[ogsa-wg] Strawman "OGSA Express Authentication Profile" Security Profiles

Blair Dillaway blaird at microsoft.com
Thu May 31 18:50:25 CDT 2007


Here are some long overdue comments on these drafts.  I've been travelling almost the entire month of May and just couldn't get to this sooner. I hope you find these helpful.

Regards,
Blair Dillaway

Use Cases for Grid Architectures

This document is a good start, but is too high-level and unfocused to properly motivate and justify the mechanisms developed in the other specifications.  Ideally, the use-cases should reflect functionality the target audience for these specification deems critical and requiring interoperable solutions. I believe more detail will be required to achieve that goal. Of course, it would be best to get input, and/or incorporate already documented use-cases, from groups such as HPC Profile, ByteIO, etc..

The use-case discussion should also highlight the specific functional requirements that drive the mechanism in the draft specs. In particular: why is a discovery mechanisms for authN and communication security requirements  needed; what authN mechanisms are required ; what protocols must be supported; why are message integrity and encryption mandatory; is communications security only needed point-to-point or  must it span processing intermediaries? The current doc is quite weak in this area.

Specific comments:


-           Fundamental Use-cases - This seems primarily definitional. Implies mutual AuthN, integrity, and confidentiality are always required but doesn't really describe the environment or threats that lead to this conclusion. I find the discussion of authZ, non-repudiation and audit confusing since these are out-of-scope of the express authentication effort.


-          Application use-cases - These are good concrete examples, but there isn't enough discussion about the target environment/threats to help me understand what required, what is optional, what is unnecessary to meet grid needs. For example, in 3.1 is asks what client authN a ByteIO service might require? It would be better to describe a specific environment where the functionality in the express authentication specs is the answer. The firewall traversal discussion is interesting as it describes a firewall as an explicit message processing intermediary. How does this interplay with the requirements described in the secure SOAP messaging document?
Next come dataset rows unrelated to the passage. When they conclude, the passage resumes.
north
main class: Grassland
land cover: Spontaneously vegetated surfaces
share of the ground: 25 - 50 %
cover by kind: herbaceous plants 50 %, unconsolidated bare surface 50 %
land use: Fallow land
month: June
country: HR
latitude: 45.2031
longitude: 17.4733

-          Mechanism-driven use-cases - These start to start to identity some important and specific requirements such as one-way communication, delegation, and so forth. However, I'm having a hard time relating this discussion to what has been spec'd in the other documents.


SP 2.0 - Secure Addressing

I believe the new mechanism being proposed  for communication authentication and communication security requirements is counterproductive. Major industry players have already invested a lot of time in developing WS-SecurityPolicy (see WS-SecurityPolicy 1.2 ,  http://docs.oasis-open.org/ws-sx/ws-securitypolicy/200512) which is on a standards track in OASIS. This makes it unlikely you will find broad interest in developing or implementing the mechanism you propose. I also feel such a mechanism, which is specific to communication as part of an EPR, is too limiting. The flexibility to support other mechanisms such as WSDL, WS-MetadataExchange, etc. are important for broad adoption.

I therefore suggest you profile WS-SecurityPolicy for interoperability across the grid use cases of interest. This can include how it should be encoded within an EPR. I would also suggest the interop profile for communicating this information be in one document rather than having pieces spread over three different specs as in these drafts.

SP 2.0-Secure Transport

I suggest removing the 'secure addressing' parts per my comments above. If that is done, I am concerned this spec comes across as little more than a profile of WS-I BSP transport security that says 'don't use weak cipher suites'.  I fear people may have trouble seeing the value or why OGSA BSP - Secure Channel isn't adequate. I think you should consider a different approach to packaging these specs  and/or including  a very succinct description of the value provided by this spec in the introduction.

Some specific comments on Section 4:

-          You should identify the specific TLS & SSL versions supported

-          C0400 - I have a problem with the wording "CONSUMER SHOULD perform one or both of the following...". If I remember correctly, TLS/SSL client authentication requirements are specified in a Server generated handshake message.  So shouldn't this be a consumer must support X.509-based authN when required by the server and must support authN using messaging security otherwise?

-          R0401 -"authentication alternatives specified in R0319" Where is R0319?

-          Section 4.3 lists no mandatory cipher suites, R0402 - R0405 all say if a cipher suite is supported, it should be used. If you want to ensure interop there should be mandatory to implement ciphers.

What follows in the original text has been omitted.